I think the research was presented fine; it didn’t blame people for talking about the possibility of misaligned AIs. In fact they specifically talk about how they are using this info to better align AIs, which seems like the opposite of using hyperstition as a lazy way to blame doomers for bad alignment.
On the other hand, in The Adolescence of Technology, Dario says this about doomerism:
Here, I mean “doomerism” not just in the sense of believing doom is inevitable (which is both a false and self-fulfilling belief), but more generally, thinking about AI risks in a quasi-religious way.
I agree this in particular and the piece in general is too dismissive of hard AI risk concerns.

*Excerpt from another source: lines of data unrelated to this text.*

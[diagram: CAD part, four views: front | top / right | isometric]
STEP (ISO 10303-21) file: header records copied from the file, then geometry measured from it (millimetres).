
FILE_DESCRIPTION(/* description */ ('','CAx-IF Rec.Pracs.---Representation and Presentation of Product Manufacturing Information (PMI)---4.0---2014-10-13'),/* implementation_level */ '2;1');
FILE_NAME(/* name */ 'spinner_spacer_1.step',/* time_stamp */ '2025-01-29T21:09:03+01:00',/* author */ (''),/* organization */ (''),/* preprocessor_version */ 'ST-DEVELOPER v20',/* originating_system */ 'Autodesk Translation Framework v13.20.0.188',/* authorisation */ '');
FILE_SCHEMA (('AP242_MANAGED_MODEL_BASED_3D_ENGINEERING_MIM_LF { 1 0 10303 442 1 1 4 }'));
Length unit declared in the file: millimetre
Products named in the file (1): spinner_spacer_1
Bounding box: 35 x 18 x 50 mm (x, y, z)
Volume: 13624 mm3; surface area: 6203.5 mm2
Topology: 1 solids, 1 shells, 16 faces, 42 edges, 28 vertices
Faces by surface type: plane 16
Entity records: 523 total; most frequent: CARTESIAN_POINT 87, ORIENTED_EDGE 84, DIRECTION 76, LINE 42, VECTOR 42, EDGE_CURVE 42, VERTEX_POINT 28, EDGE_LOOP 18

I don’t really know if it’s accusing them of hyperstitioning; the self-fulfilling belief could also refer to, e.g., attempts by doomers to get everyone who cares about AI risk to quit working on AI (thereby ceding the field to the least risk-aware people) which I think is a real problem.
Either way, I agree that people concerned about future misaligned AIs should be free to voice those concerns without being accused of hyperstitioning them.

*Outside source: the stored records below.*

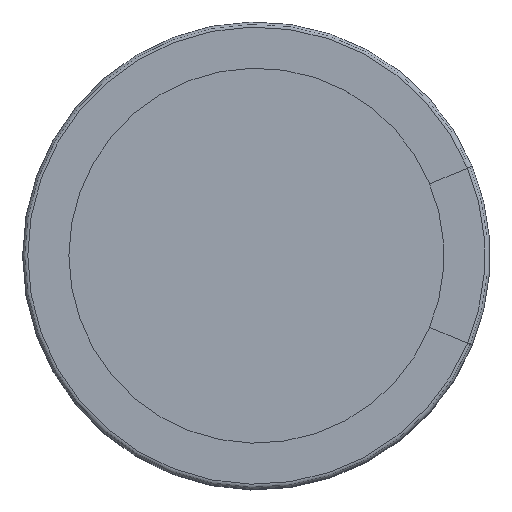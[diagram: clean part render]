
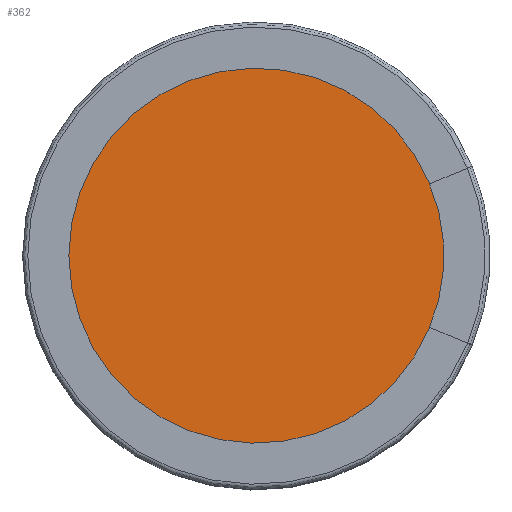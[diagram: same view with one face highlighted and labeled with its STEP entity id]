
A CAD part, top view. The second image highlights one B-rep face of the part: STEP entity #362.
In plain terms, the highlighted planar face has unit normal (0, 0, 1).
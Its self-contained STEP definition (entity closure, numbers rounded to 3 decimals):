
#31 = TOROIDAL_SURFACE('',#32,8.8,0.2);
#32 = AXIS2_PLACEMENT_3D('',#33,#34,#35);
#33 = CARTESIAN_POINT('',(0.,0.,15.65));
#34 = DIRECTION('',(0.,0.,-1.));
#35 = DIRECTION('',(1.,0.,0.));
#100 = VERTEX_POINT('',#101);
#101 = CARTESIAN_POINT('',(8.8,0.,15.85));
#169 = EDGE_CURVE('',#100,#100,#170,.T.);
#170 = SURFACE_CURVE('',#171,(#176,#205),.PCURVE_S1.);
#171 = CIRCLE('',#172,8.8);
#172 = AXIS2_PLACEMENT_3D('',#173,#174,#175);
#173 = CARTESIAN_POINT('',(0.,0.,15.85));
#174 = DIRECTION('',(0.,0.,-1.));
#175 = DIRECTION('',(-1.,0.,0.));
#176 = PCURVE('',#31,#177);
#177 = DEFINITIONAL_REPRESENTATION('',(#178),#204);
#178 = B_SPLINE_CURVE_WITH_KNOTS('',3,(#179,#180,#181,#182,#183,#184,
    #185,#186,#187,#188,#189,#190,#191,#192,#193,#194,#195,#196,#197,
    #198,#199,#200,#201,#202,#203),.UNSPECIFIED.,.F.,.F.,(4,1,1,1,1,1,1,
    1,1,1,1,1,1,1,1,1,1,1,1,1,1,1,4),(3.142,3.427,
    3.713,3.998,4.284,4.57,
    4.855,5.141,5.426,5.712,
    5.998,6.283,6.569,6.854,
    7.14,7.426,7.711,7.997,
    8.282,8.568,8.854,9.139,
    9.425),.UNSPECIFIED.);
#179 = CARTESIAN_POINT('',(0.,4.712));
#180 = CARTESIAN_POINT('',(0.095,4.712));
#181 = CARTESIAN_POINT('',(0.286,4.712));
#182 = CARTESIAN_POINT('',(0.571,4.712));
#183 = CARTESIAN_POINT('',(0.857,4.712));
#184 = CARTESIAN_POINT('',(1.142,4.712));
#185 = CARTESIAN_POINT('',(1.428,4.712));
#186 = CARTESIAN_POINT('',(1.714,4.712));
#187 = CARTESIAN_POINT('',(1.999,4.712));
#188 = CARTESIAN_POINT('',(2.285,4.712));
#189 = CARTESIAN_POINT('',(2.57,4.712));
#190 = CARTESIAN_POINT('',(2.856,4.712));
#191 = CARTESIAN_POINT('',(3.142,4.712));
#192 = CARTESIAN_POINT('',(3.427,4.712));
#193 = CARTESIAN_POINT('',(3.713,4.712));
#194 = CARTESIAN_POINT('',(3.998,4.712));
#195 = CARTESIAN_POINT('',(4.284,4.712));
#196 = CARTESIAN_POINT('',(4.57,4.712));
#197 = CARTESIAN_POINT('',(4.855,4.712));
#198 = CARTESIAN_POINT('',(5.141,4.712));
#199 = CARTESIAN_POINT('',(5.426,4.712));
#200 = CARTESIAN_POINT('',(5.712,4.712));
#201 = CARTESIAN_POINT('',(5.998,4.712));
#202 = CARTESIAN_POINT('',(6.188,4.712));
#203 = CARTESIAN_POINT('',(6.283,4.712));
#204 = ( GEOMETRIC_REPRESENTATION_CONTEXT(2) 
PARAMETRIC_REPRESENTATION_CONTEXT() REPRESENTATION_CONTEXT('2D SPACE',''
  ) );
#205 = PCURVE('',#206,#211);
#206 = PLANE('',#207);
#207 = AXIS2_PLACEMENT_3D('',#208,#209,#210);
#208 = CARTESIAN_POINT('',(-9.68,9.68,15.85));
#209 = DIRECTION('',(0.,0.,-1.));
#210 = DIRECTION('',(1.,0.,0.));
#211 = DEFINITIONAL_REPRESENTATION('',(#212),#216);
#212 = CIRCLE('',#213,8.8);
#213 = AXIS2_PLACEMENT_2D('',#214,#215);
#214 = CARTESIAN_POINT('',(9.68,9.68));
#215 = DIRECTION('',(-1.,0.));
#216 = ( GEOMETRIC_REPRESENTATION_CONTEXT(2) 
PARAMETRIC_REPRESENTATION_CONTEXT() REPRESENTATION_CONTEXT('2D SPACE',''
  ) );
#362 = ADVANCED_FACE('',(#363),#206,.F.);
#363 = FACE_BOUND('',#364,.T.);
#364 = EDGE_LOOP('',(#365));
#365 = ORIENTED_EDGE('',*,*,#169,.F.);

Yeah you are correct that the straightforward interpretation of self-fulfilling is hyperstition, which I agree isn’t a fair accusation.
Although if we do get self-fulfilling doom through hyperstition I do think it means that the misaglinment people were wrong in an important sense (AI psychology differed from their view enough that misalignment happened through such a weird method rather than straightforward instrumental convergence + orthogonality).